- [WORK REQUEST] Would you filter the listing below so that only lines with the word "unusually" remain?

- [STUDY MATERIAL]
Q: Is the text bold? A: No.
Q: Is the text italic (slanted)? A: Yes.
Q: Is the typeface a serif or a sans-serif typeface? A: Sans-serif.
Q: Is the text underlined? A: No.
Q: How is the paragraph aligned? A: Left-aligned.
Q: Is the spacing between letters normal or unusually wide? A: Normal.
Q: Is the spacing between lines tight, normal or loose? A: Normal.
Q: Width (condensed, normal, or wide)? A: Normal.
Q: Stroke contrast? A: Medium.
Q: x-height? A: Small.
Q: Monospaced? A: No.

==

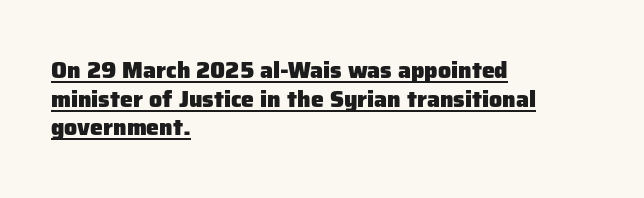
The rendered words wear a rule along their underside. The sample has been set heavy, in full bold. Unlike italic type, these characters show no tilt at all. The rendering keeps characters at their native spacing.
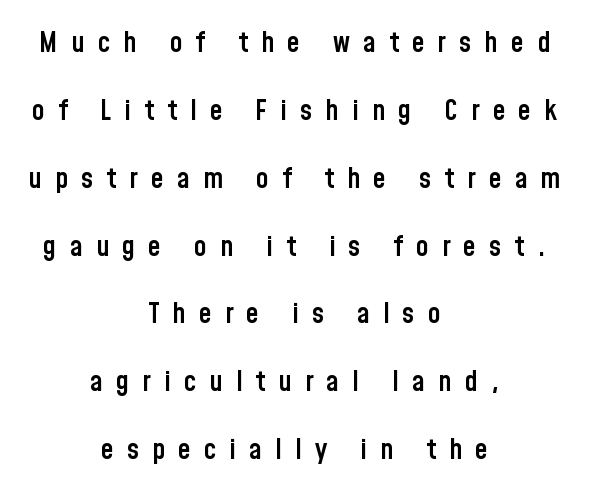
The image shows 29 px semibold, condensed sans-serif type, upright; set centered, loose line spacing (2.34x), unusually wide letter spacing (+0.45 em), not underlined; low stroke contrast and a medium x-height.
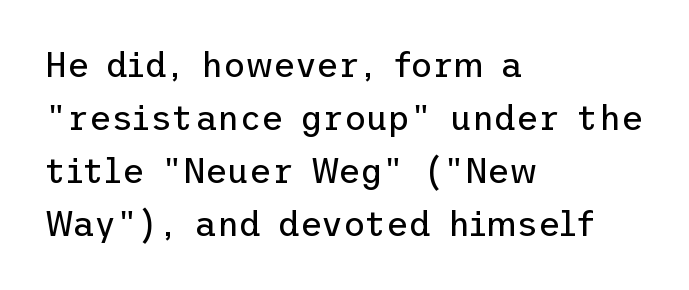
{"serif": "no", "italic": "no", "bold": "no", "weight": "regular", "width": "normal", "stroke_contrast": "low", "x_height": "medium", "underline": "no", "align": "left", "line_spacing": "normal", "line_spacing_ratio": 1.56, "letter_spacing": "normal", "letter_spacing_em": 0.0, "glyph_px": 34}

--

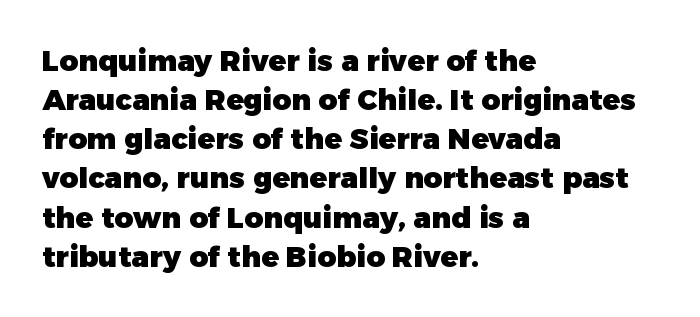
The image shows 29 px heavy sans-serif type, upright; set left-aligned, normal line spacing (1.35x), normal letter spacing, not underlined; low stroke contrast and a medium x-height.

- [THE COMPLETED TASK]
Q: Is the spacing between letters normal or unusually wide? A: Normal.
The image shows 29 px semibold, condensed sans-serif type, upright; set centered, loose line spacing (2.34x), unusually wide letter spacing (+0.45 em), not underlined; low stroke contrast and a medium x-height.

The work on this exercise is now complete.